Estamos enfrentando uma pandemia que mudou muito a forma como vivemos, como nos relacionamos e, em muitos casos, até como vemos a vida. Pelo menos era essa a expectativa de muitos de nós quando a pandemia começou. Muita gente, me incluo neste grupo, acreditava que a humanidade ia rever muitas de suas condutas. Infelizmente não aconteceu com tanta gente, especialmente com os governantes que, em sua grande maioria não tomaram medidas para conter o vírus e salvar vidas.
Vimos pessoas morrendo por falta de vacinas que já tinham sido ofertadas, pessoas morrendo por falta de oxigênio de forma cruel e desumana, presidente imitando essas pessoas o que causou dor e indignação em quem tem, no mínimo, um pingo de humanidade. E continuamos a vida. Quem de nós escapou do vírus, pelo menos.
Muitas pessoas ainda não tinham contraído, ou se tinham tinha sido de forma assintomática. Então as medidas de contenção foram flexibilizadas e fomos voltando ao normal, não ao novo normal como dizia o Átila em suas lives no início da pandemia.
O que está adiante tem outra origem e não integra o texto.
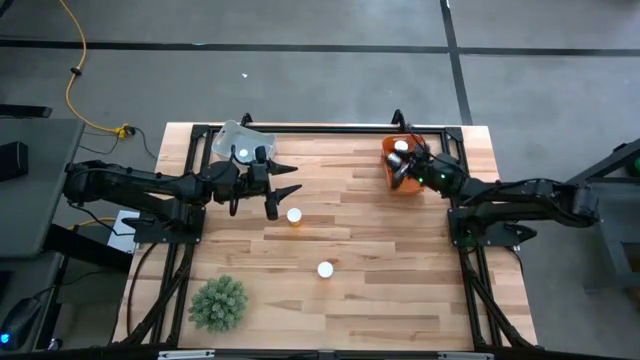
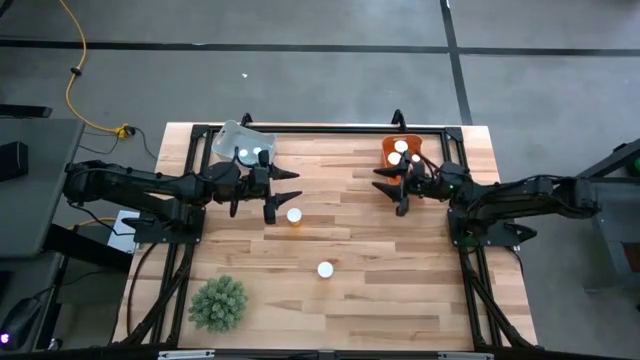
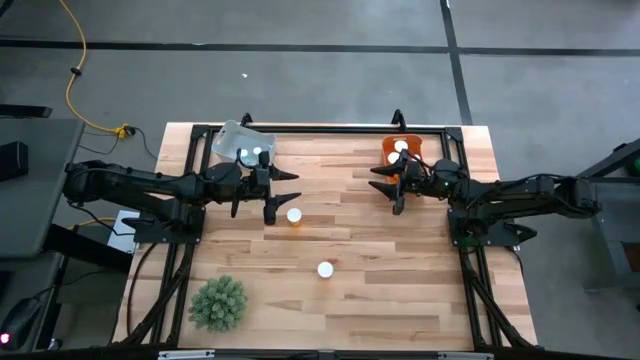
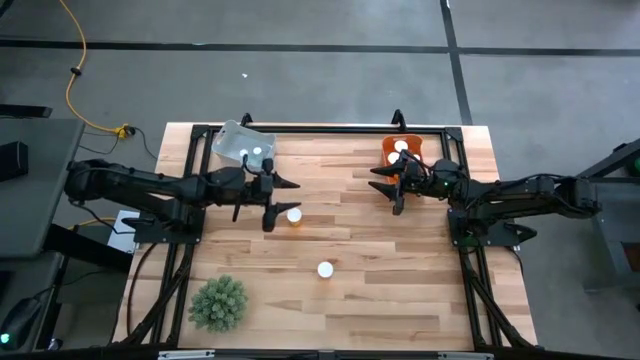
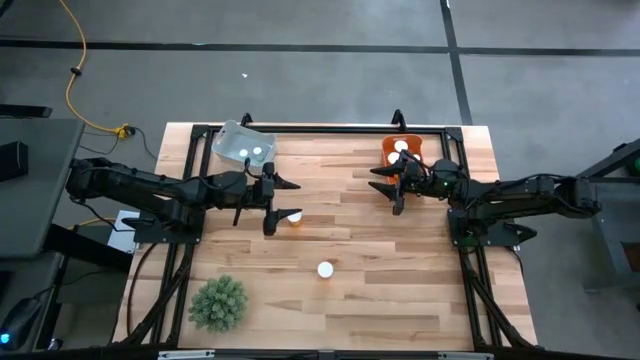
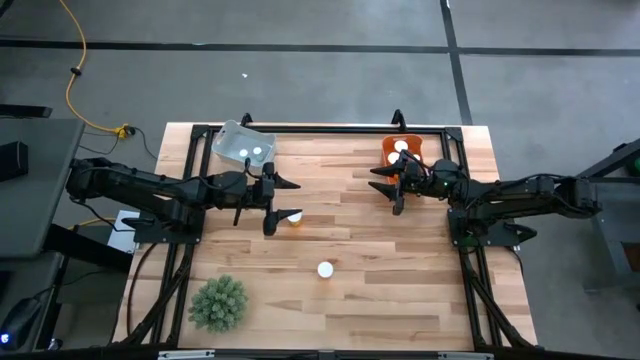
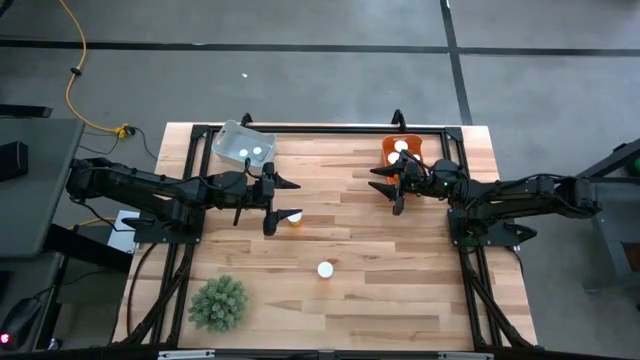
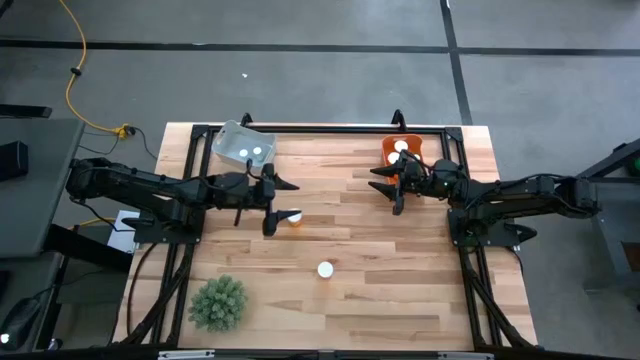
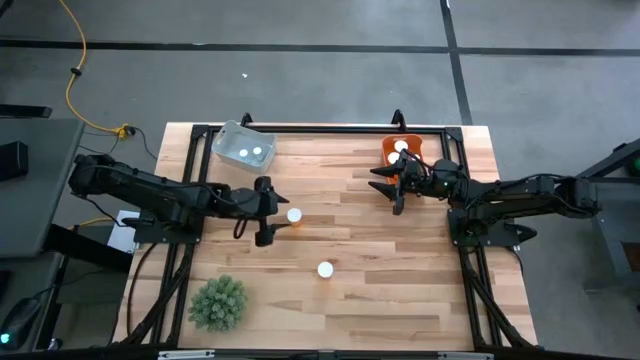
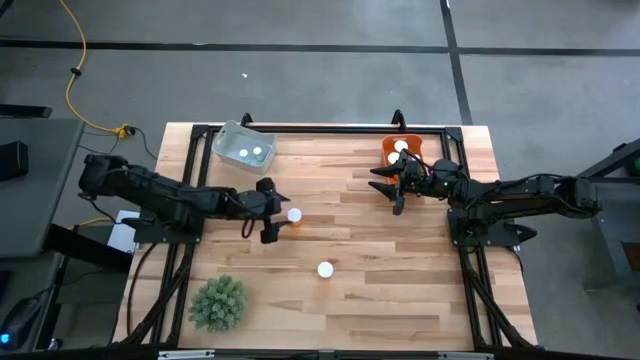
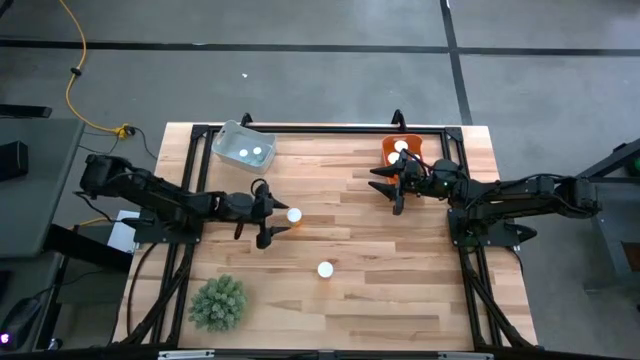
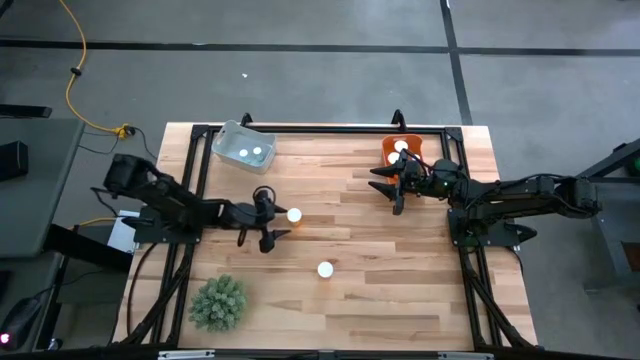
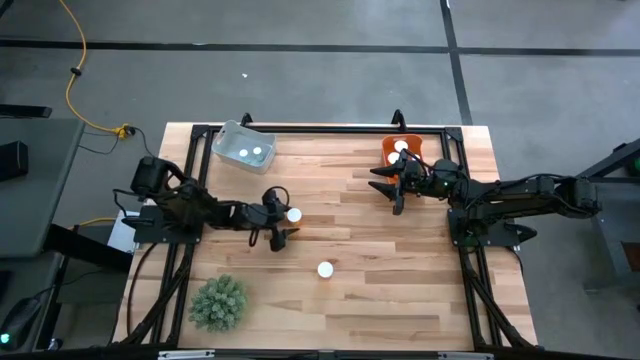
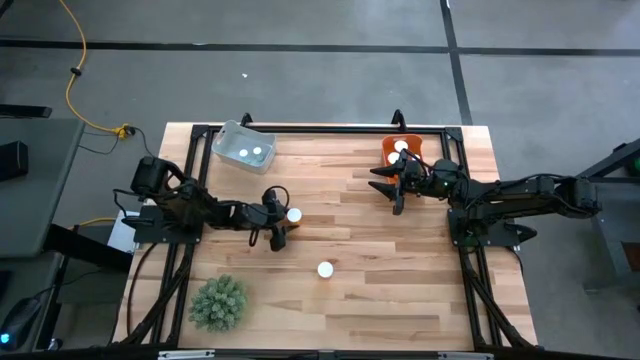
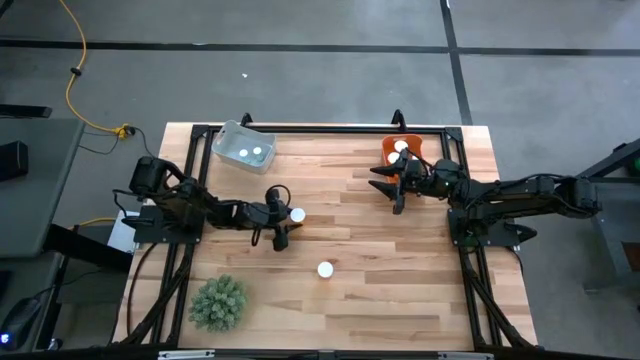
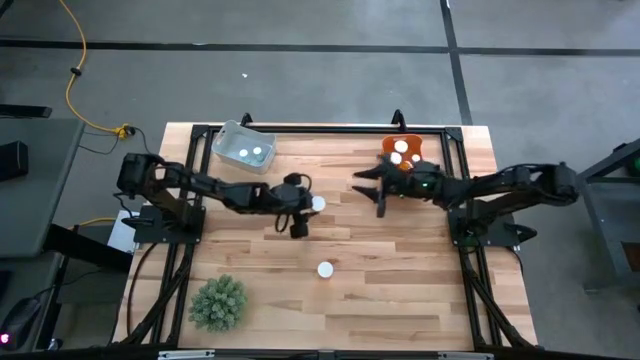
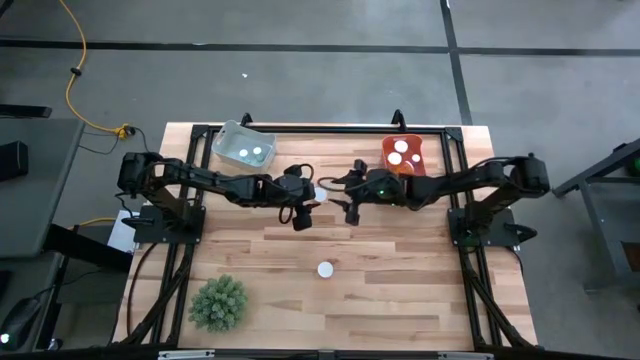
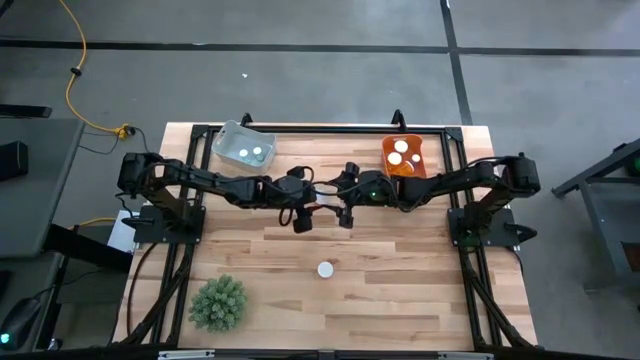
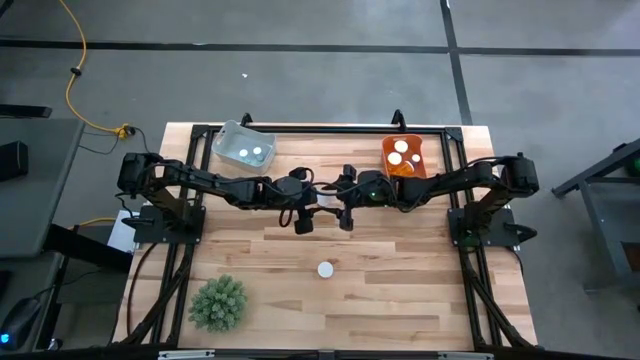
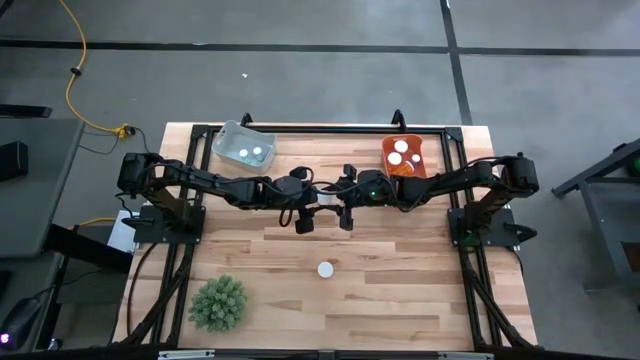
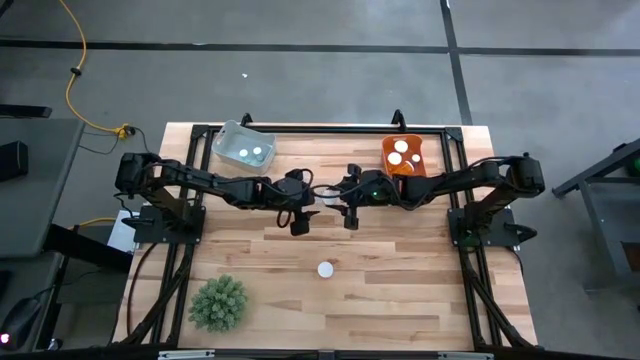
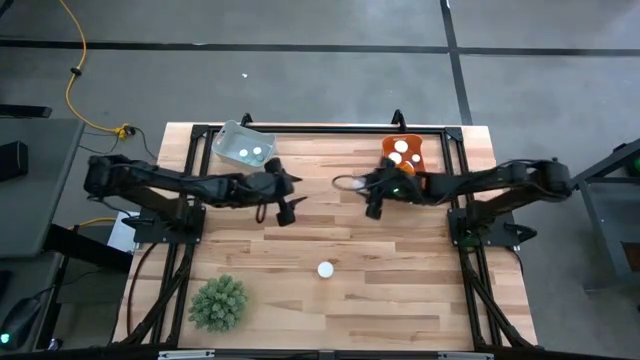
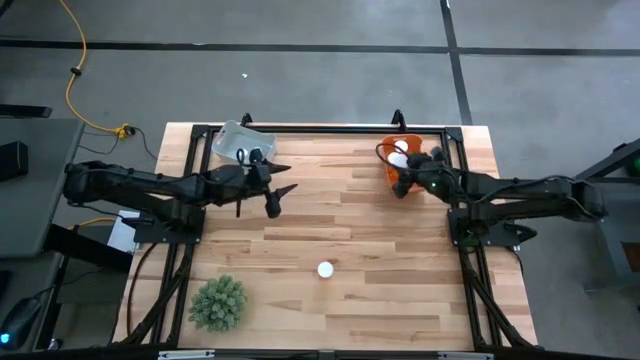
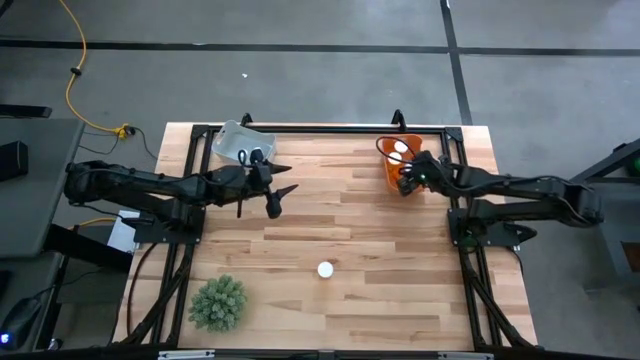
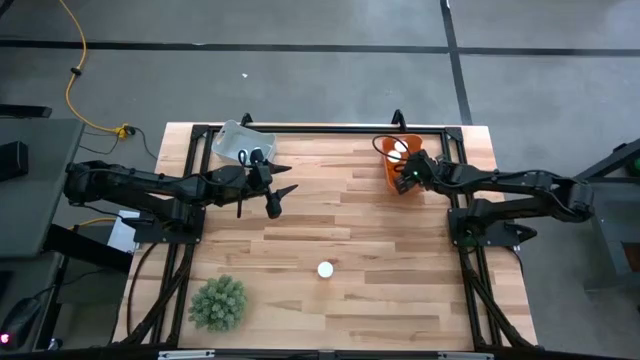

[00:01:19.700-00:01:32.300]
Task: Pick and place medicine bottles into bin by pill shape (circle, oval)
Put the top orange capsule bottle into the orange bin

Voltamos a nos aglomerar, o que era um temor alguns meses antes. Fomos deixando de lado o uso das máscaras, afinal estávamos todos vacinados, ou pelo menos deveríamos estar já que as vacinas estão disponíveis. Me recuso a falar sobre negacionista e pessoas sem consciência de que vacinas não são uma decisão pessoal, mas uma obrigação de todos pela saúde de seu corpo e de todas as pessoas.
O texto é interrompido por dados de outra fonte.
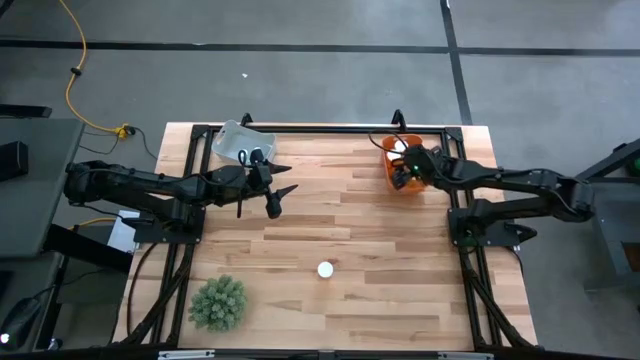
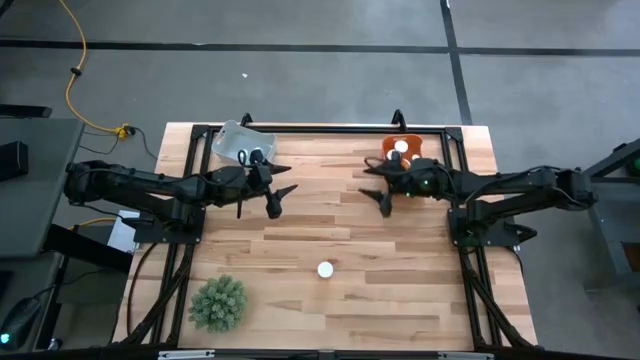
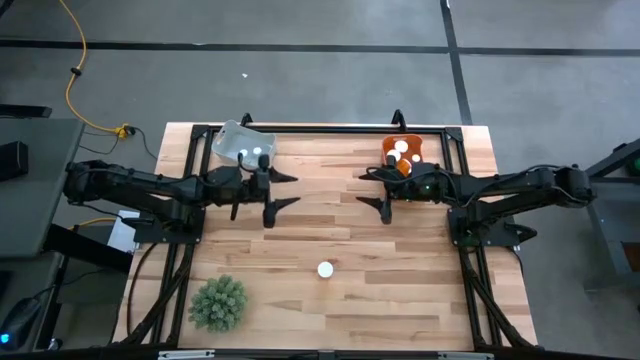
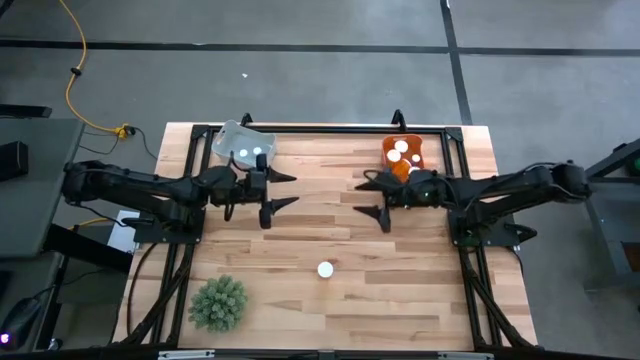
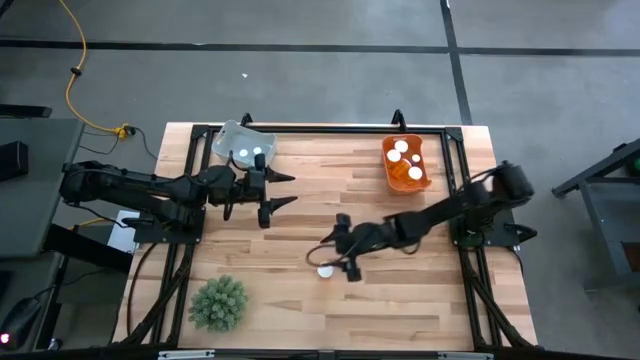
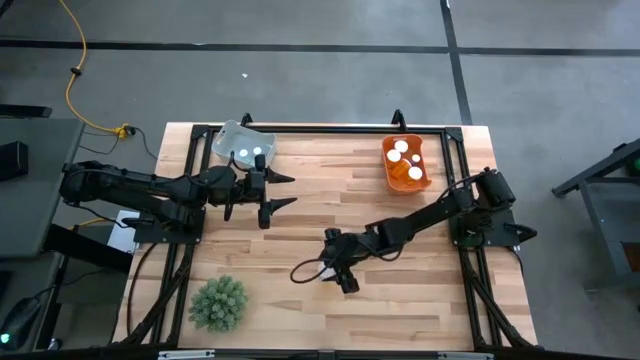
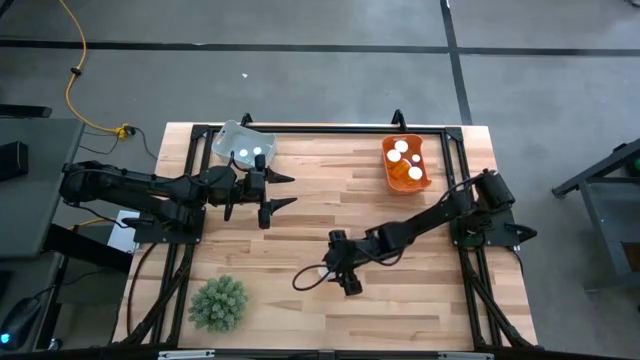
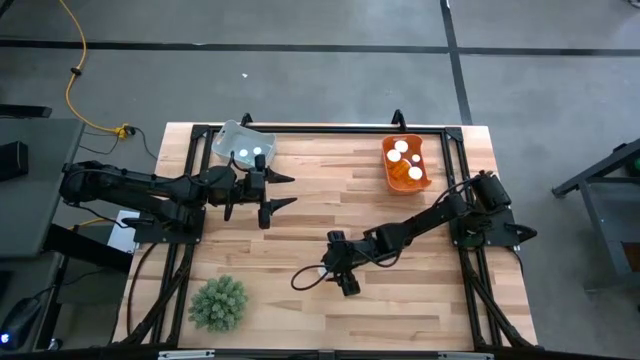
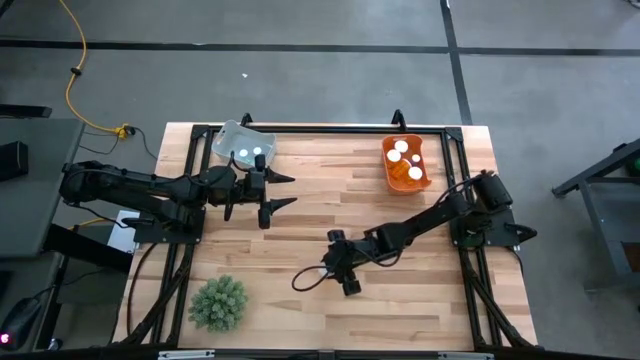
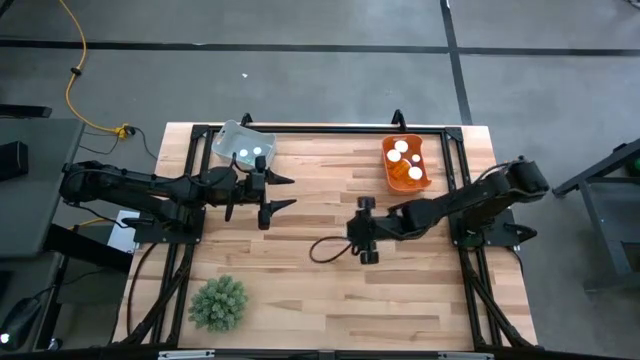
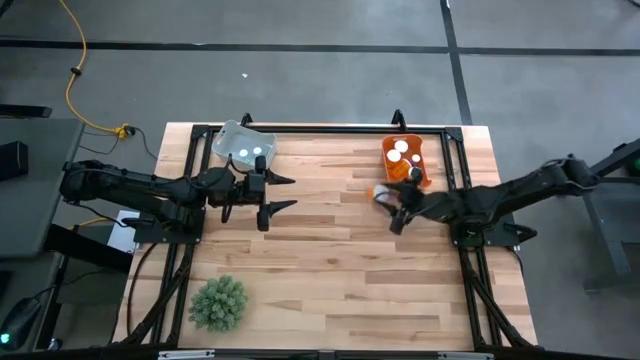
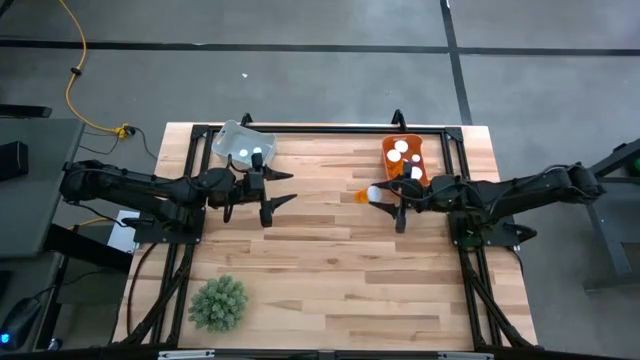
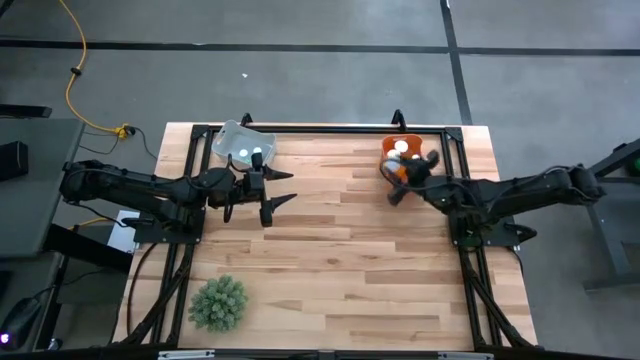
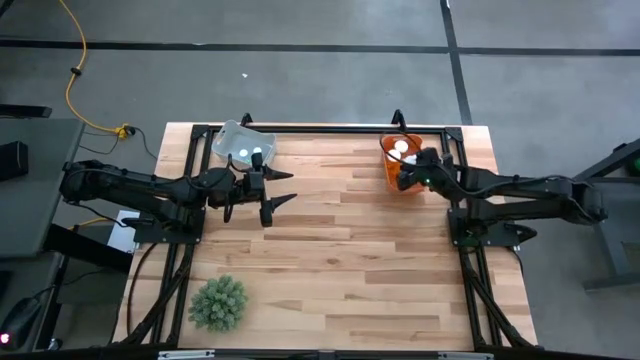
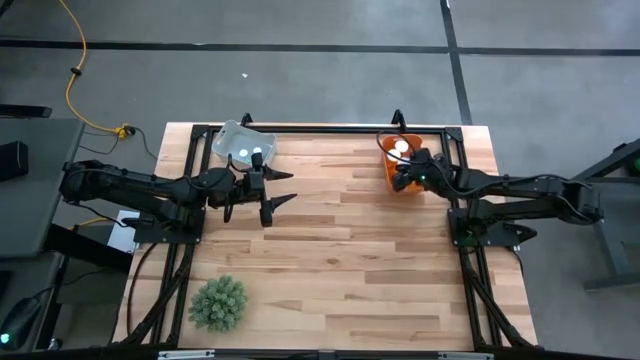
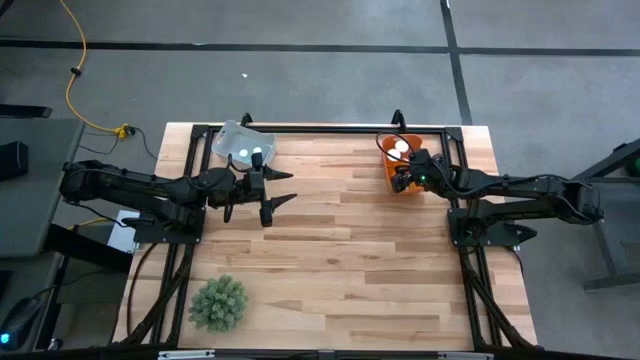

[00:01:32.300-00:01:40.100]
Put the orange capsule bottle into the orange bin

E então, no meio do ano de 2022 os casos de infecção pelo vírus voltaram a subir. Entramos na 4ª onda da pandemia. Pessoas que nunca tinham apresentado sintomas começaram a testar positivo e relatar muitas dificuldades durante o período de contaminação e depois. Eu sou uma dessas pessoas.
Em uma quarta feira no final do mês de maio fui treinar capoeira, como fazia pelo menos duas vezes por semana, e não aguentei o treino. Senti uma fraqueza, um cansaço e falta de controle sobre o meu corpo que nunca tinha sentido antes. Parei o treino e fiquei estarrecida com aquilo que estava sentindo. Era algo novo e assustador. No dia seguinte me senti muito indisposta, mas ainda sem nenhuma outra manifestação. Fiquei em casa, já que meu trabalho é em home office e descansei o quanto pude, afinal, não tinha forças para fazer mais nada.
Na sexta pela manhã, quando acordei, percebi que não tinha forças nem mesmo para ficar sentada. Meu corpo estava em exaustão. Fiz minha terapia on-line logo cedo e ainda descrevi para a minha psicóloga que o que eu sentia, parecia um quadro de depressão profunda, mas não entendia como e porque uma depressão se manifestaria do dia para noite, ainda mais em uma das melhores fases da minha vida.
Eu estava a todo vapor! Trabalhando, treinando capoeira, indo pro samba, fiz novos amigos, estava empolgada com a produção de um documentário sobre o meu Mestre de capoeira. Tinha planos de vida, projetos de futuro, ações no presente. Não tinha como ser depressão o que eu estava vivendo, mesmo que, em meu corpo, parecesse.
Os sintomas foram súbitos e, em algumas horas, vieram as dores. Uma cólica intestinal que me fez gritar e quase desmaiar de dor. Depois as dores foram nas articulações e músculos. O sono era tão intenso que tive que desmarcar todos os meus pacientes. Não pude atender ninguém naquele dia e também na próxima semana. No final da tarde fiz uma febre e logo busquei atendimento médico na UPA próxima a minha casa. O médico afirmou categoricamente que era dengue. Voltei pra casa e, dois dias depois, percebi que o paladar e olfato estavam prejudicados. Era um domingo e fiquei desesperada quando cheirei o pó de café, os óleos essenciais e tantas outras coisas e meu olfato não respondia.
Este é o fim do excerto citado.